Planting and Initial Establishment

The best time to plant Spanish lavender is in the spring after the last expected frost, once the soil has begun to warm up. Planting in early fall is also an option, allowing the roots to establish before the onset of winter dormancy. When placing the plant, the hole should be dug only as deep as the nursery container, ensuring the top of the root ball sits level with or slightly above the surrounding soil.

Proper spacing between plants is necessary to promote the required air circulation. After setting the plant in the ground, backfill the hole with the native or amended soil and tamp it gently to remove air pockets. While established Spanish lavender is drought-tolerant, new plants require consistent, deep watering for the first growing season to develop a robust root system.

A deep watering once a week is typically sufficient for the first year, allowing the soil to dry out almost completely between applications. This practice encourages the roots to grow downward in search of moisture. Once the plant is established, usually by the second year, the watering frequency can be significantly reduced.

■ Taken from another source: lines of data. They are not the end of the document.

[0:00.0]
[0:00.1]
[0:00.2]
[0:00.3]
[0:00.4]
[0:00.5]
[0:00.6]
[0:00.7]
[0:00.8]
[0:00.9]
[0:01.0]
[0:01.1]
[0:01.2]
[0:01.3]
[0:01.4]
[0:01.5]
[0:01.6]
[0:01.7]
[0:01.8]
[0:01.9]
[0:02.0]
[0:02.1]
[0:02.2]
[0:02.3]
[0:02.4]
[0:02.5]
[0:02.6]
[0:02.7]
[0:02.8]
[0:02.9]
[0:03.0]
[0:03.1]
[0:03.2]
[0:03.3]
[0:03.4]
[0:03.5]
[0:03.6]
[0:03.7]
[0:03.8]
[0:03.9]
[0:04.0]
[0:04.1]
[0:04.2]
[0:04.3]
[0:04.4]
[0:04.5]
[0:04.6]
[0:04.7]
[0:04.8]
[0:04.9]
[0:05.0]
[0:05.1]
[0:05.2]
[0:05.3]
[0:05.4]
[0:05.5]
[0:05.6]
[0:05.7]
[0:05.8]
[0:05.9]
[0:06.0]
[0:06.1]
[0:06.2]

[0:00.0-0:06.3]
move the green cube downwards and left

Long-Term Care and Pruning

The most common cause of failure is overwatering, which leads to root rot. Watering should be infrequent and deep, allowing the soil to become quite dry between applications, often only every two to three weeks in the absence of rain. The plant is adapted to nutrient-poor soils, so fertilization is rarely necessary and can be counterproductive.

Applying fertilizer, particularly those high in nitrogen, encourages soft, leggy growth and can diminish the plant’s characteristic fragrance and flowering potential. If the plant is in extremely poor soil, a light application of a balanced, slow-release fertilizer in early spring may be considered, but this is often unnecessary.

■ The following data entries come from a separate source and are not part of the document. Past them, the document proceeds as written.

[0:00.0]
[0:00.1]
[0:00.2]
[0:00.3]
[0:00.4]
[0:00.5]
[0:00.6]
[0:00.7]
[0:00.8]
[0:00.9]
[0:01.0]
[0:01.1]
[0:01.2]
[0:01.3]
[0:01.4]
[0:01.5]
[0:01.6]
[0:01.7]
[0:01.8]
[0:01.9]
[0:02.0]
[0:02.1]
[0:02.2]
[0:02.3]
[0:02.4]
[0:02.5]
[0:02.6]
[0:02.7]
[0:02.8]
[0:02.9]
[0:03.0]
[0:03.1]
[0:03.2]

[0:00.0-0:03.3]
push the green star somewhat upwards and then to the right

A consistent, two-part annual pruning schedule is essential for long-term health and abundant flowering. The first pruning occurs immediately after the initial flush of blooms in late spring or early summer, involving deadheading the spent flower spikes and lightly shearing back about one-third of the green growth to encourage a second round of flowering. The second, slightly heavier pruning should take place in late summer or early fall, at least six weeks before the first expected frost, helping to shape the plant into a compact mound and preventing it from becoming overly woody and sprawling.

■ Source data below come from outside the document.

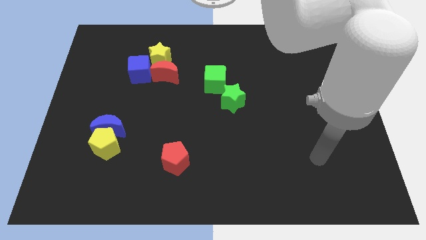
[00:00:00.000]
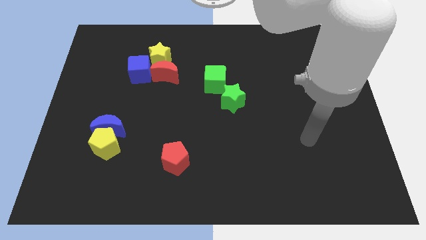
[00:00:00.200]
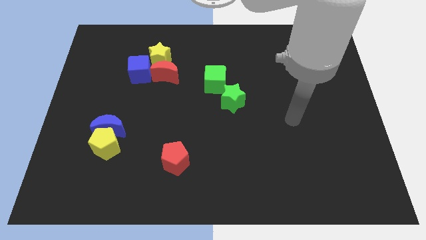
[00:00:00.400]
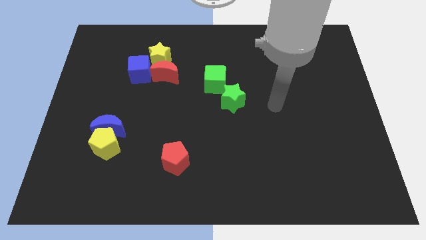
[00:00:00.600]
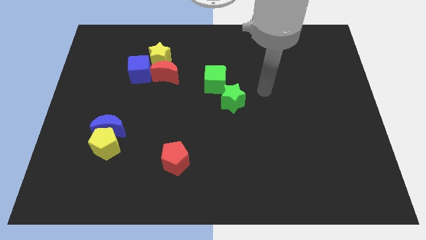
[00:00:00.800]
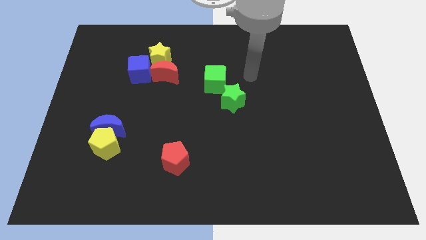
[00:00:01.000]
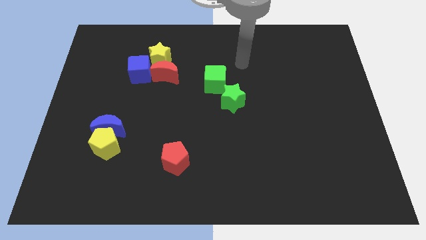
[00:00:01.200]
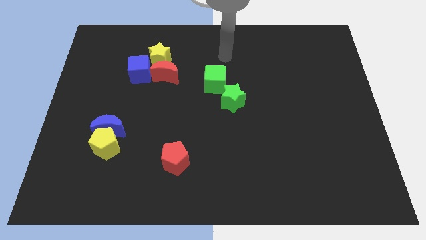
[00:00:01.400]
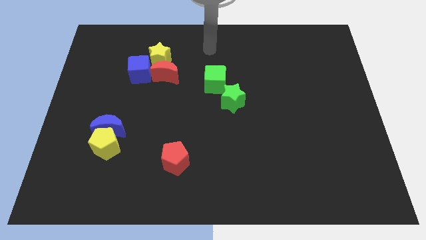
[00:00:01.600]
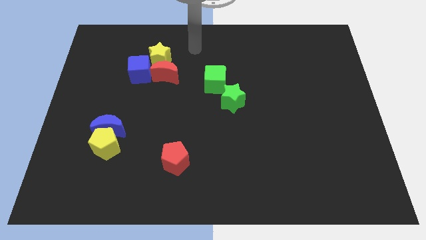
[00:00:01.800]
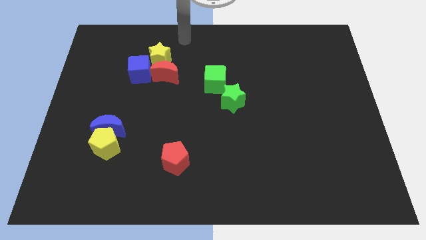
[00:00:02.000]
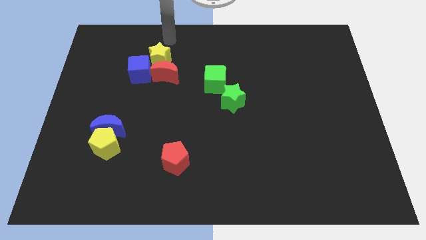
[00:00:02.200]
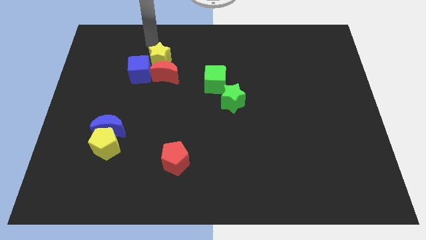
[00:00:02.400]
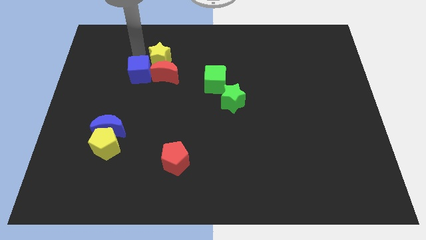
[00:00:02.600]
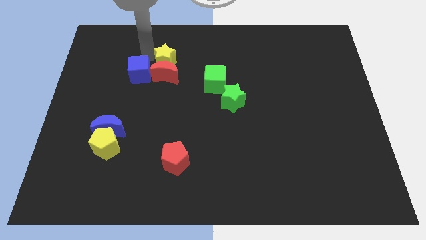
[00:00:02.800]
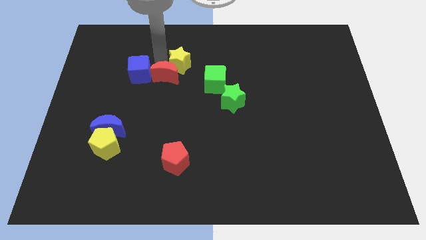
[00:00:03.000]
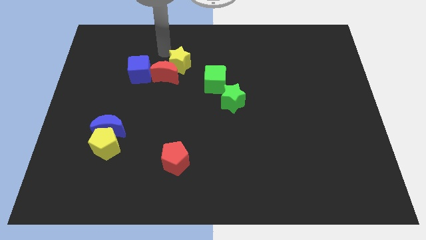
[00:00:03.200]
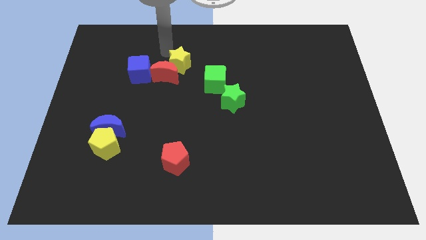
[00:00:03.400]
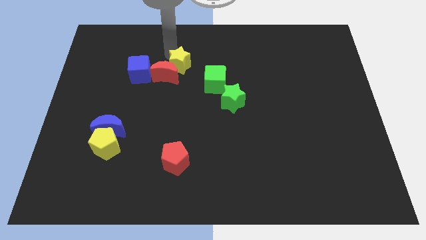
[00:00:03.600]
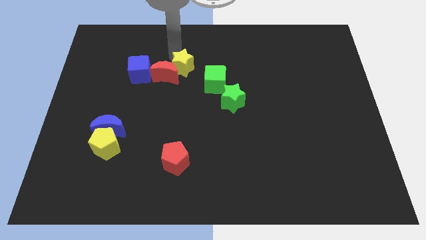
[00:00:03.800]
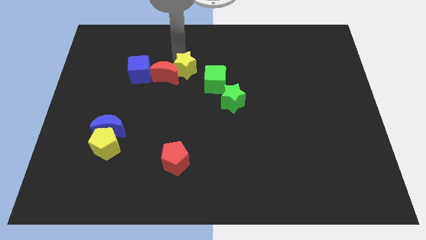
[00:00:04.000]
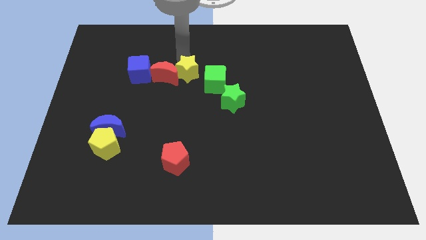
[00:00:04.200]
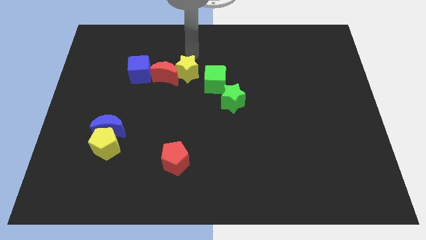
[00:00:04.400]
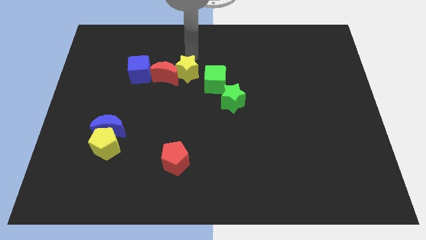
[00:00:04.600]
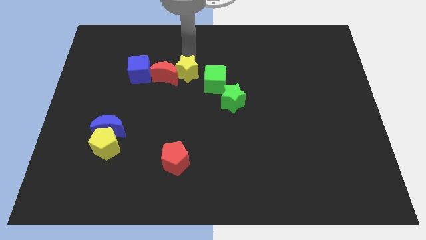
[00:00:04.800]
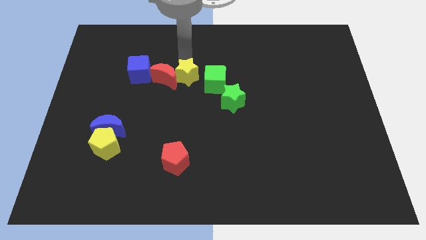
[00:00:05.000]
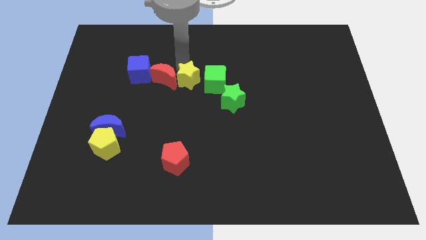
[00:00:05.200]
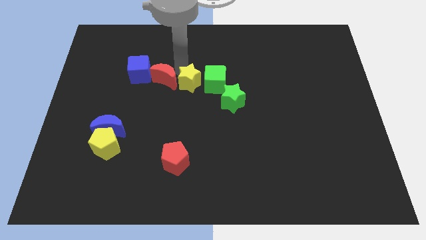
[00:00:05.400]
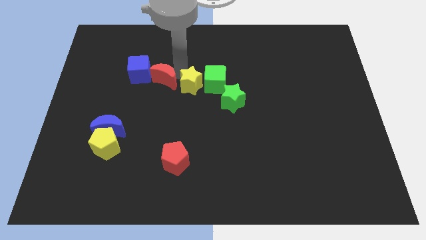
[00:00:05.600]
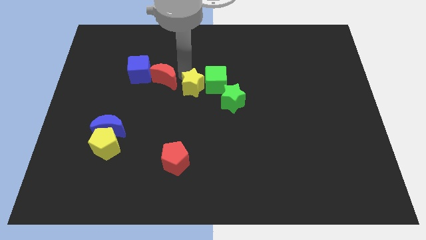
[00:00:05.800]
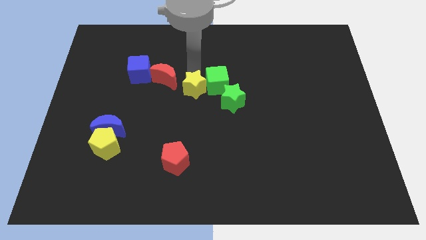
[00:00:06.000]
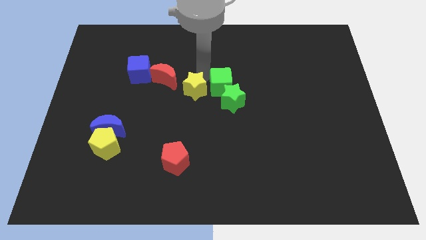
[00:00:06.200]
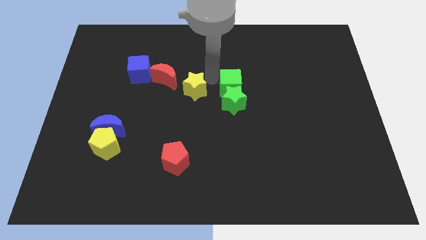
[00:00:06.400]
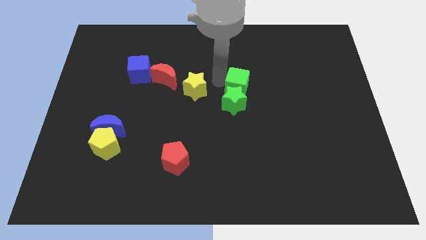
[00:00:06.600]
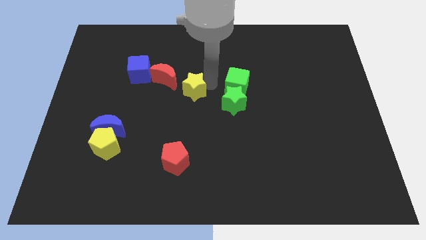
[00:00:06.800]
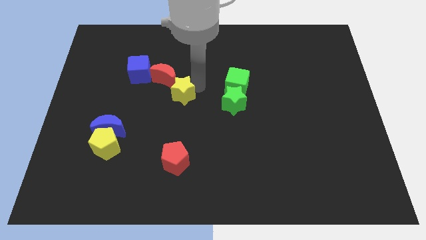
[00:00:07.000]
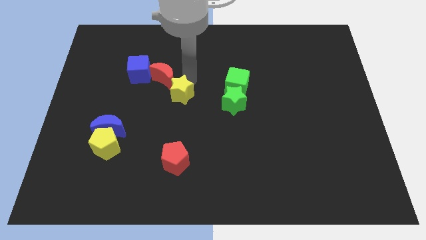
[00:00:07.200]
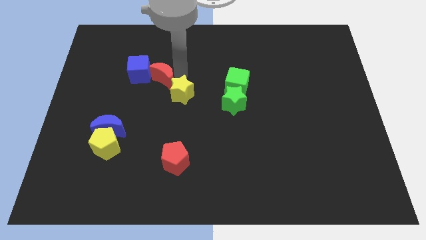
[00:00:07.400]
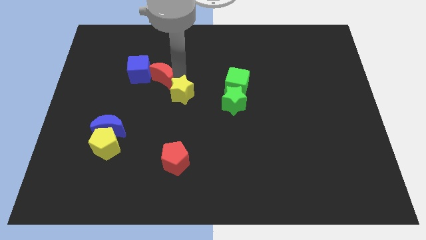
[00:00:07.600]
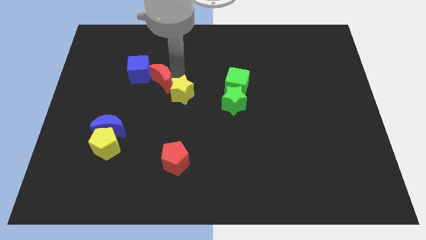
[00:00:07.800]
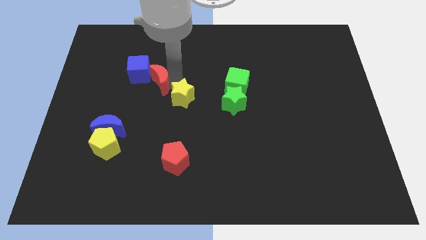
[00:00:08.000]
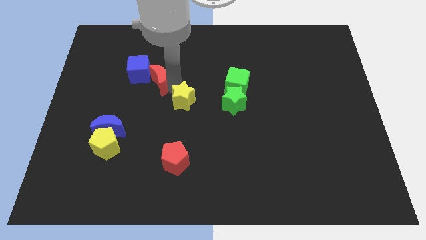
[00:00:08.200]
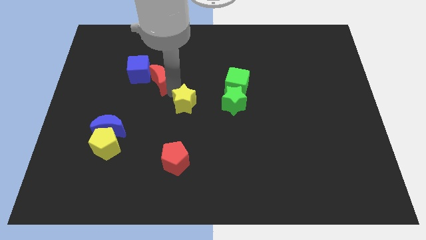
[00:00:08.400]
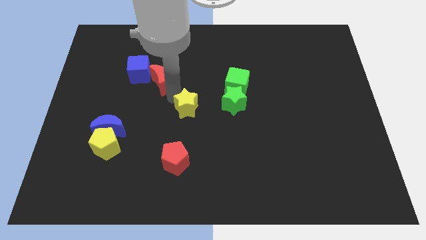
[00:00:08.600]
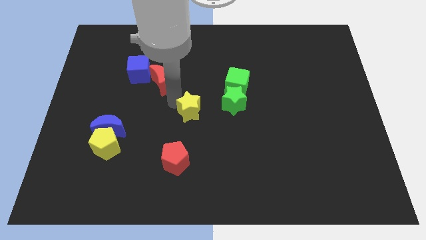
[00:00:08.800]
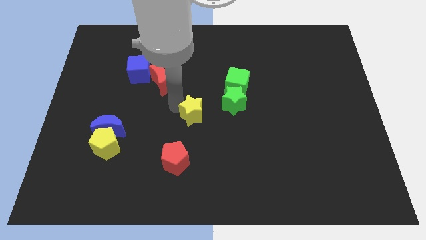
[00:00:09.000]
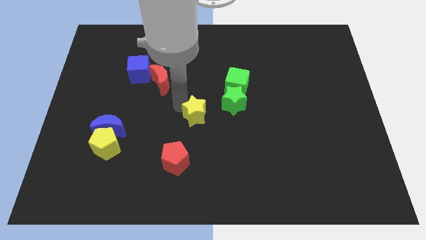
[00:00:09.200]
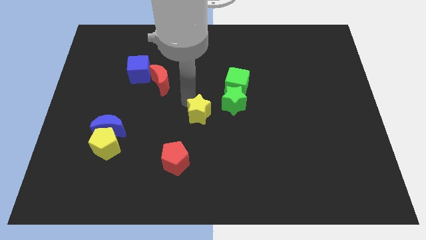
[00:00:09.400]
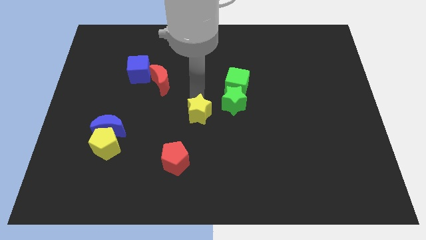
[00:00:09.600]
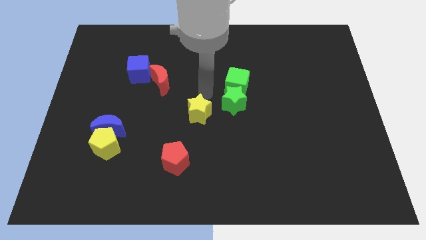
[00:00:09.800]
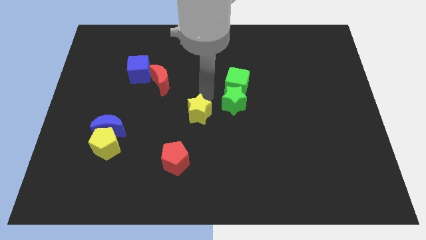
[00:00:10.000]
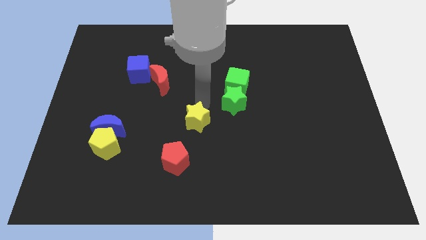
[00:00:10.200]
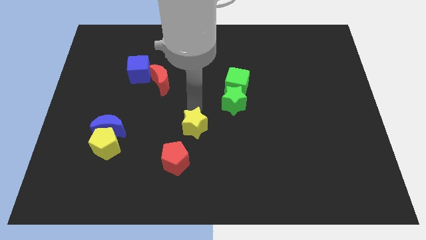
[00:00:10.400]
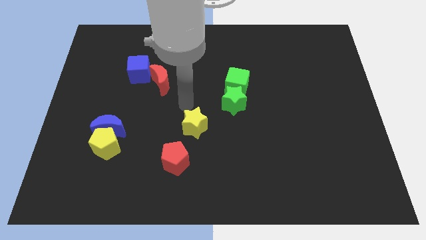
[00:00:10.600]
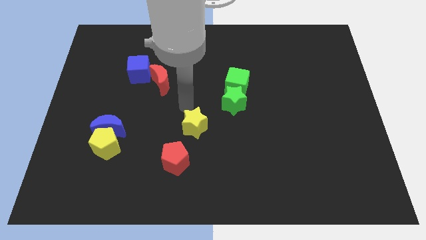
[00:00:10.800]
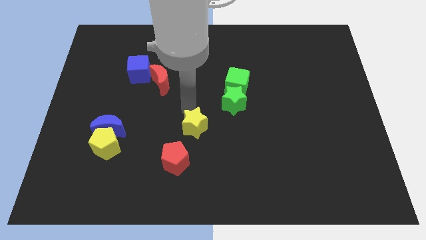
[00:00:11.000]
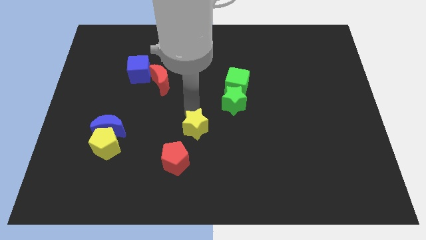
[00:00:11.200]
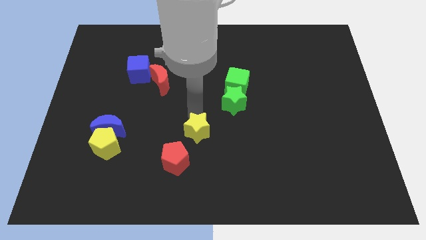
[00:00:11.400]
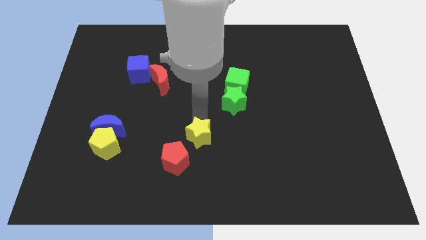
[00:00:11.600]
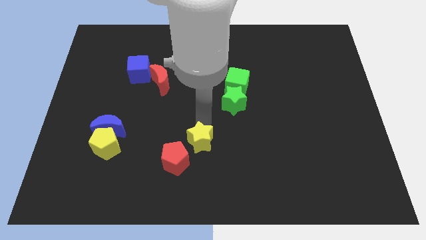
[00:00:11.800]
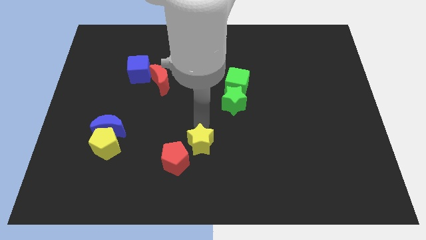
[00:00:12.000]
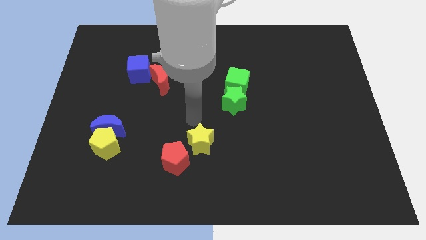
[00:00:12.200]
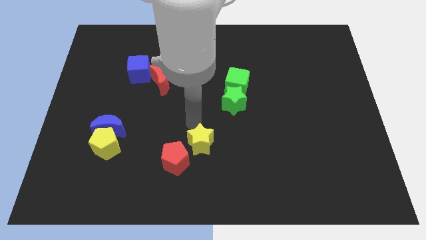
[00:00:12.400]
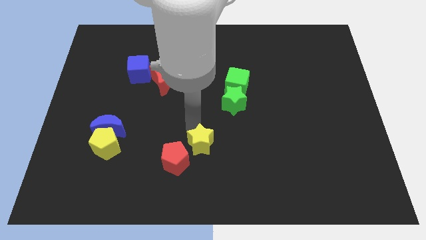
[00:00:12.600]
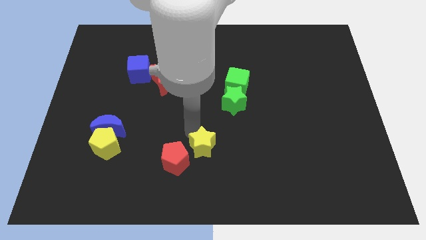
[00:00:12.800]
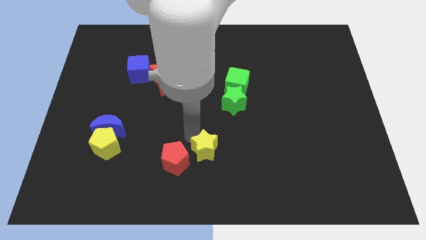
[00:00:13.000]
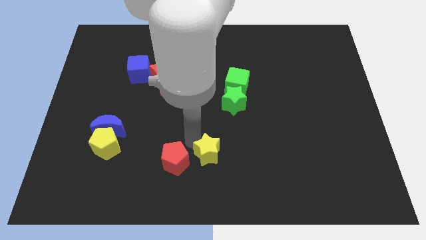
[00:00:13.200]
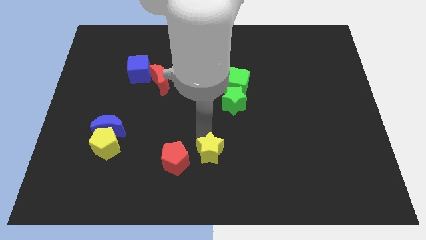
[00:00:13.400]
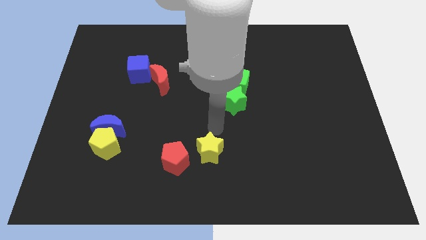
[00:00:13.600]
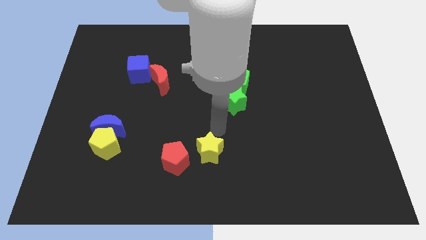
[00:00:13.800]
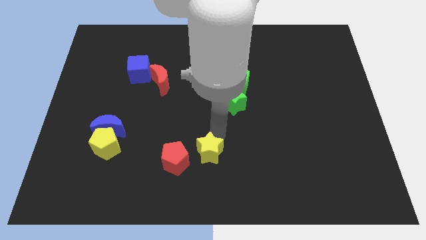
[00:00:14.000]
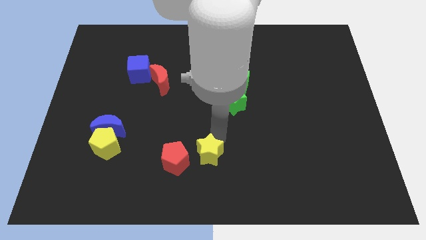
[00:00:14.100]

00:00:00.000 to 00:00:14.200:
slide the yellow star to the bottom side

Avoid cutting into the old, leafless, woody stems during any pruning. Spanish lavender does not reliably regenerate new growth from this old wood, and cutting into it can create dead spots or even kill the entire plant. All cuts should be made into the soft, green growth, leaving a small amount of foliage on the stem to ensure successful regrowth.

Container Growing and Winter Protection

Spanish lavender is well-suited for container growing, which allows gardeners to control the soil and drainage precisely. When planting in a pot, select a container with multiple drainage holes and use a highly porous, well-draining potting mix, such as one formulated for cacti or succulents. Unglazed terracotta or clay pots are often preferred because they wick away excess moisture from the soil, further preventing root rot.

Potted plants will require more frequent watering than those in the ground, as the soil dries out faster, but the rule of allowing the soil to dry completely between waterings still applies. Due to nutrient leaching from frequent watering, container-grown lavender may benefit from a very light, infrequent feeding during the growing season. Repotting every few years into a slightly larger container with fresh soil helps maintain vigor.

Spanish lavender is generally hardy in USDA Zones 7 to 10, but its roots are more vulnerable to cold when confined in a pot. In colder climates (Zone 7 and below), container plants must be protected during winter. Move the pot to an unheated, bright, and cool location, such as a garage or shed, where temperatures remain above freezing but below 65°F to allow for dormancy. For in-ground plants in Zone 7, a protective layer of gravel or lightweight mulch around the base can help insulate the roots from extreme cold.